The latest crime figures for England and Wales which show violent crimes against the person surging have thrown the particular problems of the nation’s capital city into harsh light, as it reveals the city is now more dangerous than the once-notorious New York City.
Released Thursday, the new crime statistics showed plainly the astonishing rise of offences, with an overall rise of 19 per cent of violence against the person, and a 19 per cent rise of sexual offences.
Yet these numbers hide the even steeper ascent of particularly serious crimes, including a 22 per cent rise in rape, a 26 per cent rise in knife crime, and perhaps most amazingly of all — considering the United Kingdom’s draconian gun laws — a 27 per cent rise in gun crime. These increases compound another significant rise from the year before.
While these figures cover the whole of England and Wales, much of these crime surges are concentrated in the capital, London, which is experiencing an unprecedented surge in acid attacks, which comes on top of the more familiar stabbings and shootings.
Now an analysis of crime figures from London and New York by the Daily Telegraph show some parallels between the cities, as well as some shocking divergences which may leave British taxpayers asking what has gone so wrong in policing the capital.
While the sizes of population, numbers of police officers, and even police force budgets of the two cities are strikingly similar, the analysis reveals there are three times more reported rapes in London, and “you are almost six times more likely to be burgled in the British capital than in the US city, and one and a half times more likely to fall victim to a robbery”.
The revelation flies in the face of claims by London’s Muslim mayor, Sadiq Khan, that “London is the safest global city in the world” — a remark made in an interview with CNN shortly after a vehicle and knife terror attack in Westminster.

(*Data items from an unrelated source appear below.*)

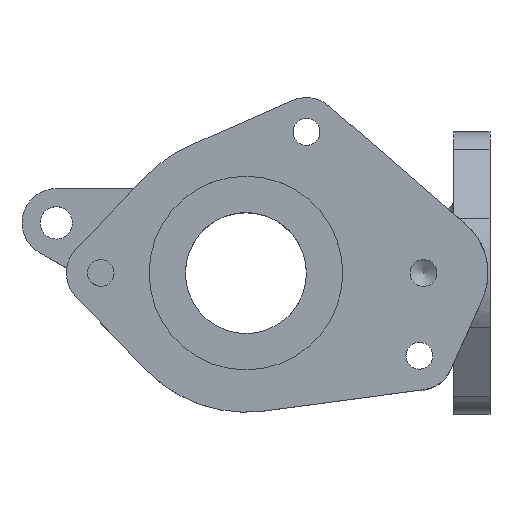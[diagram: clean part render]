
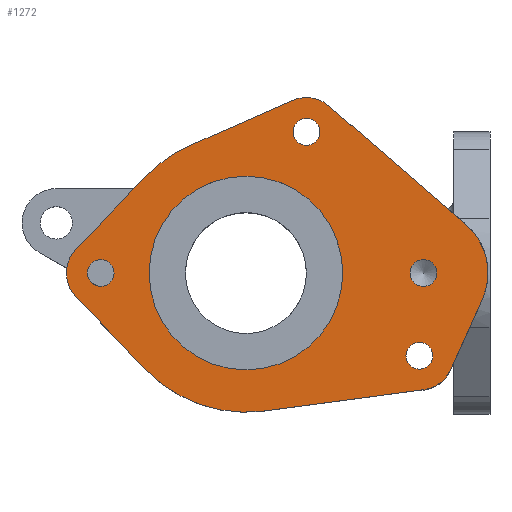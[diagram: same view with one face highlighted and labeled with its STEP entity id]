
A CAD part, top view. The second image highlights one B-rep face of the part: STEP entity #1272.
In plain terms, the highlighted planar face has unit normal (0, 0, 1).
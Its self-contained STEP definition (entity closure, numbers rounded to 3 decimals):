
#58=FACE_BOUND('',#268,.T.);
#59=FACE_BOUND('',#269,.T.);
#60=FACE_BOUND('',#270,.T.);
#61=FACE_BOUND('',#271,.T.);
#62=FACE_BOUND('',#272,.T.);
#63=FACE_BOUND('',#273,.T.);
#92=PLANE('',#1425);
#268=EDGE_LOOP('',(#1109));
#269=EDGE_LOOP('',(#1110));
#270=EDGE_LOOP('',(#1111));
#271=EDGE_LOOP('',(#1112));
#272=EDGE_LOOP('',(#1113));
#273=EDGE_LOOP('',(#1114,#1115,#1116,#1117,#1118,#1119,#1120,#1121,#1122,
#1123,#1124,#1125));
#337=CIRCLE('',#1362,3.324);
#350=CIRCLE('',#1399,24.);
#352=CIRCLE('',#1403,3.324);
#353=CIRCLE('',#1405,3.324);
#354=CIRCLE('',#1407,3.324);
#355=CIRCLE('',#1410,34.5);
#356=CIRCLE('',#1413,8.5);
#357=CIRCLE('',#1415,16.);
#358=CIRCLE('',#1418,8.5);
#359=CIRCLE('',#1421,34.5);
#360=CIRCLE('',#1424,8.5);
#418=LINE('',#2350,#499);
#426=LINE('',#2387,#507);
#430=LINE('',#2396,#511);
#433=LINE('',#2406,#514);
#436=LINE('',#2414,#517);
#439=LINE('',#2422,#520);
#499=VECTOR('',#1707,19.105);
#507=VECTOR('',#1749,24.9);
#511=VECTOR('',#1759,39.916);
#514=VECTOR('',#1772,44.83);
#517=VECTOR('',#1781,27.821);
#520=VECTOR('',#1790,24.9);
#601=VERTEX_POINT('',#2209);
#623=VERTEX_POINT('',#2347);
#624=VERTEX_POINT('',#2349);
#630=VERTEX_POINT('',#2369);
#632=VERTEX_POINT('',#2375);
#633=VERTEX_POINT('',#2378);
#634=VERTEX_POINT('',#2381);
#635=VERTEX_POINT('',#2384);
#636=VERTEX_POINT('',#2386);
#637=VERTEX_POINT('',#2390);
#638=VERTEX_POINT('',#2394);
#639=VERTEX_POINT('',#2400);
#640=VERTEX_POINT('',#2404);
#641=VERTEX_POINT('',#2408);
#642=VERTEX_POINT('',#2412);
#643=VERTEX_POINT('',#2416);
#644=VERTEX_POINT('',#2420);
#742=EDGE_CURVE('',#601,#601,#337,.T.);
#777=EDGE_CURVE('',#623,#624,#418,.T.);
#786=EDGE_CURVE('',#630,#630,#350,.T.);
#788=EDGE_CURVE('',#632,#632,#352,.T.);
#789=EDGE_CURVE('',#633,#633,#353,.T.);
#790=EDGE_CURVE('',#634,#634,#354,.T.);
#792=EDGE_CURVE('',#635,#636,#426,.T.);
#795=EDGE_CURVE('',#637,#635,#355,.T.);
#797=EDGE_CURVE('',#638,#637,#430,.T.);
#798=EDGE_CURVE('',#624,#638,#356,.T.);
#800=EDGE_CURVE('',#639,#623,#357,.T.);
#802=EDGE_CURVE('',#640,#639,#433,.T.);
#804=EDGE_CURVE('',#641,#640,#358,.T.);
#806=EDGE_CURVE('',#642,#641,#436,.T.);
#808=EDGE_CURVE('',#643,#642,#359,.T.);
#810=EDGE_CURVE('',#644,#643,#439,.T.);
#811=EDGE_CURVE('',#636,#644,#360,.T.);
#1109=ORIENTED_EDGE('',*,*,#742,.T.);
#1110=ORIENTED_EDGE('',*,*,#786,.T.);
#1111=ORIENTED_EDGE('',*,*,#788,.T.);
#1112=ORIENTED_EDGE('',*,*,#789,.T.);
#1113=ORIENTED_EDGE('',*,*,#790,.T.);
#1114=ORIENTED_EDGE('',*,*,#811,.F.);
#1115=ORIENTED_EDGE('',*,*,#792,.F.);
#1116=ORIENTED_EDGE('',*,*,#795,.F.);
#1117=ORIENTED_EDGE('',*,*,#797,.F.);
#1118=ORIENTED_EDGE('',*,*,#798,.F.);
#1119=ORIENTED_EDGE('',*,*,#777,.F.);
#1120=ORIENTED_EDGE('',*,*,#800,.F.);
#1121=ORIENTED_EDGE('',*,*,#802,.F.);
#1122=ORIENTED_EDGE('',*,*,#804,.F.);
#1123=ORIENTED_EDGE('',*,*,#806,.F.);
#1124=ORIENTED_EDGE('',*,*,#808,.F.);
#1125=ORIENTED_EDGE('',*,*,#810,.F.);
#1272=ADVANCED_FACE('',(#58,#59,#60,#61,#62,#63),#92,.F.);
#1362=AXIS2_PLACEMENT_3D('',#2210,#1628,#1629);
#1399=AXIS2_PLACEMENT_3D('',#2370,#1728,#1729);
#1403=AXIS2_PLACEMENT_3D('',#2376,#1736,#1737);
#1405=AXIS2_PLACEMENT_3D('',#2379,#1740,#1741);
#1407=AXIS2_PLACEMENT_3D('',#2382,#1744,#1745);
#1410=AXIS2_PLACEMENT_3D('',#2392,#1754,#1755);
#1413=AXIS2_PLACEMENT_3D('',#2398,#1762,#1763);
#1415=AXIS2_PLACEMENT_3D('',#2402,#1767,#1768);
#1418=AXIS2_PLACEMENT_3D('',#2410,#1776,#1777);
#1421=AXIS2_PLACEMENT_3D('',#2418,#1785,#1786);
#1424=AXIS2_PLACEMENT_3D('',#2424,#1793,#1794);
#1425=AXIS2_PLACEMENT_3D('',#2425,#1795,#1796);
#1628=DIRECTION('center_axis',(0.,0.,-1.));
#1629=DIRECTION('ref_axis',(1.,0.,0.));
#1707=DIRECTION('',(-0.41,-0.912,0.));
#1728=DIRECTION('center_axis',(0.,0.,-1.));
#1729=DIRECTION('ref_axis',(1.,0.,0.));
#1736=DIRECTION('center_axis',(0.,0.,-1.));
#1737=DIRECTION('ref_axis',(1.,0.,0.));
#1740=DIRECTION('center_axis',(0.,0.,-1.));
#1741=DIRECTION('ref_axis',(1.,0.,0.));
#1744=DIRECTION('center_axis',(0.,0.,-1.));
#1745=DIRECTION('ref_axis',(1.,0.,0.));
#1749=DIRECTION('',(-0.692,0.722,0.));
#1754=DIRECTION('center_axis',(0.,0.,-1.));
#1755=DIRECTION('ref_axis',(0.722,0.692,0.));
#1759=DIRECTION('',(-0.991,-0.132,0.));
#1762=DIRECTION('center_axis',(0.,0.,-1.));
#1763=DIRECTION('ref_axis',(-0.132,0.991,0.));
#1767=DIRECTION('center_axis',(0.,0.,-1.));
#1768=DIRECTION('ref_axis',(-0.912,0.41,0.));
#1772=DIRECTION('',(0.756,-0.654,0.));
#1776=DIRECTION('center_axis',(0.,0.,-1.));
#1777=DIRECTION('ref_axis',(-0.654,-0.756,0.));
#1781=DIRECTION('',(0.915,0.403,0.));
#1785=DIRECTION('center_axis',(0.,0.,-1.));
#1786=DIRECTION('ref_axis',(0.403,-0.915,0.));
#1790=DIRECTION('',(0.692,0.722,0.));
#1793=DIRECTION('center_axis',(0.,0.,-1.));
#1794=DIRECTION('ref_axis',(0.722,-0.692,0.));
#1795=DIRECTION('center_axis',(0.,0.,-1.));
#1796=DIRECTION('ref_axis',(-1.,0.,0.));
#2209=CARTESIAN_POINT('',(47.324,0.,49.));
#2210=CARTESIAN_POINT('Origin',(44.,0.,49.));
#2347=CARTESIAN_POINT('',(58.591,-6.565,49.));
#2349=CARTESIAN_POINT('',(50.751,-23.988,49.));
#2350=CARTESIAN_POINT('',(58.591,-6.565,49.));
#2369=CARTESIAN_POINT('',(24.,0.,49.));
#2370=CARTESIAN_POINT('Origin',(0.,0.,49.));
#2375=CARTESIAN_POINT('',(46.324,-20.5,49.));
#2376=CARTESIAN_POINT('Origin',(43.,-20.5,49.));
#2378=CARTESIAN_POINT('',(-32.677,0.,49.));
#2379=CARTESIAN_POINT('Origin',(-36.,0.,49.));
#2381=CARTESIAN_POINT('',(18.324,35.,49.));
#2382=CARTESIAN_POINT('Origin',(15.,35.,49.));
#2384=CARTESIAN_POINT('',(-24.917,-23.862,49.));
#2386=CARTESIAN_POINT('',(-42.139,-5.879,49.));
#2387=CARTESIAN_POINT('',(-24.917,-23.862,49.));
#2390=CARTESIAN_POINT('',(4.557,-34.198,49.));
#2392=CARTESIAN_POINT('Origin',(0.,0.,49.));
#2394=CARTESIAN_POINT('',(44.123,-28.926,49.));
#2396=CARTESIAN_POINT('',(44.123,-28.926,49.));
#2398=CARTESIAN_POINT('Origin',(43.,-20.5,49.));
#2400=CARTESIAN_POINT('',(54.467,12.101,49.));
#2402=CARTESIAN_POINT('Origin',(44.,0.,49.));
#2404=CARTESIAN_POINT('',(20.561,41.429,49.));
#2406=CARTESIAN_POINT('',(20.561,41.429,49.));
#2408=CARTESIAN_POINT('',(11.578,42.781,49.));
#2410=CARTESIAN_POINT('Origin',(15.,35.,49.));
#2412=CARTESIAN_POINT('',(-13.889,31.581,49.));
#2414=CARTESIAN_POINT('',(-13.889,31.581,49.));
#2416=CARTESIAN_POINT('',(-24.917,23.862,49.));
#2418=CARTESIAN_POINT('Origin',(0.,0.,49.));
#2420=CARTESIAN_POINT('',(-42.139,5.879,49.));
#2422=CARTESIAN_POINT('',(-42.139,5.879,49.));
#2424=CARTESIAN_POINT('Origin',(-36.,0.,49.));
#2425=CARTESIAN_POINT('Origin',(0.,0.,49.));
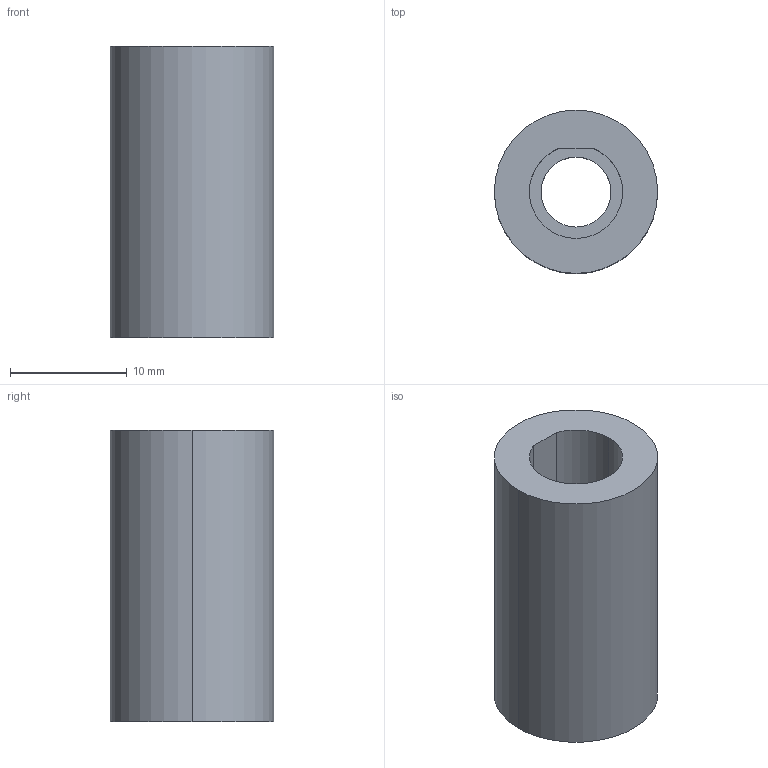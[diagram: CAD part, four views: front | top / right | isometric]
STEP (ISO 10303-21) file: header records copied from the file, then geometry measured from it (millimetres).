
FILE_DESCRIPTION (( 'STEP AP203' ), '1' );
FILE_NAME ('coupler_Default_sldprt.STEP', '2025-12-11T20:13:18', ( '' ), ( '' ), 'SwSTEP 2.0', 'SolidWorks 2025', '' );
FILE_SCHEMA (( 'CONFIG_CONTROL_DESIGN' ));
Length unit declared in the file: millimetre
Products named in the file (1): coupler_Default_sldprt
Bounding box: 14 x 14 x 25 mm (x, y, z)
Volume: 2861.8 mm3; surface area: 1903 mm2
Topology: 1 solids, 1 shells, 11 faces, 24 edges, 16 vertices
Faces by surface type: cylinder 7, plane 4
Entity records: 393 total; most frequent: DIRECTION 62, CARTESIAN_POINT 52, ORIENTED_EDGE 48, AXIS2_PLACEMENT_3D 26, EDGE_CURVE 24, VERTEX_POINT 16, CIRCLE 14, EDGE_LOOP 14

The Telegraph report claims the significant difference in law and order outcomes for London and New York is rooted in divergent policing styles. While New York pursues a zero-tolerance approach to even petty crime as instituted in the 1990s by Mayor Rudy Giuliani, in London police now claim that investigating shoplifters, vandals, and other perpetrators of “low level” crime is now “not practical”.
This policy of turning a blind eye to some crimes contrasts with New York’s so-called ‘broken windows’ theory, which works on the assumption that widespread low-level disorder creates an atmosphere of incivility that engenders more serious crime — and therefore an emphasis is placed on policing low-level misdemeanours relentlessly.
Meanwhile, British police forces pursue the posters of “offensive” comments online, with a reported 3,395 arrests for social media use in one year.
The results of the two approaches is marked — with murder levels in New York falling rapidly from their record high in 1990 before their change in policing style, to a record low in 2017 — and it is on course to fall even further.
Speaking to the Daily Mail on Britain’s crime surge, which has come as police forces across the country have become even more audacious to reach out to minority communities with stunts like vinyl-wrapping police patrol cars in LGBT flags and working with discredited Muslim groups like Tell MAMA, a retired Scotland Yard detective blasted the police for failing to be effective.
Mick Neville told the paper: “They have forgotten what their purpose is. Too many modern chief constables have got more degrees under their belts than arrests. The people in charge have simply not done the job.
“The reason they do not investigate crime is they have never done it themselves. They are looking for cheap wins.”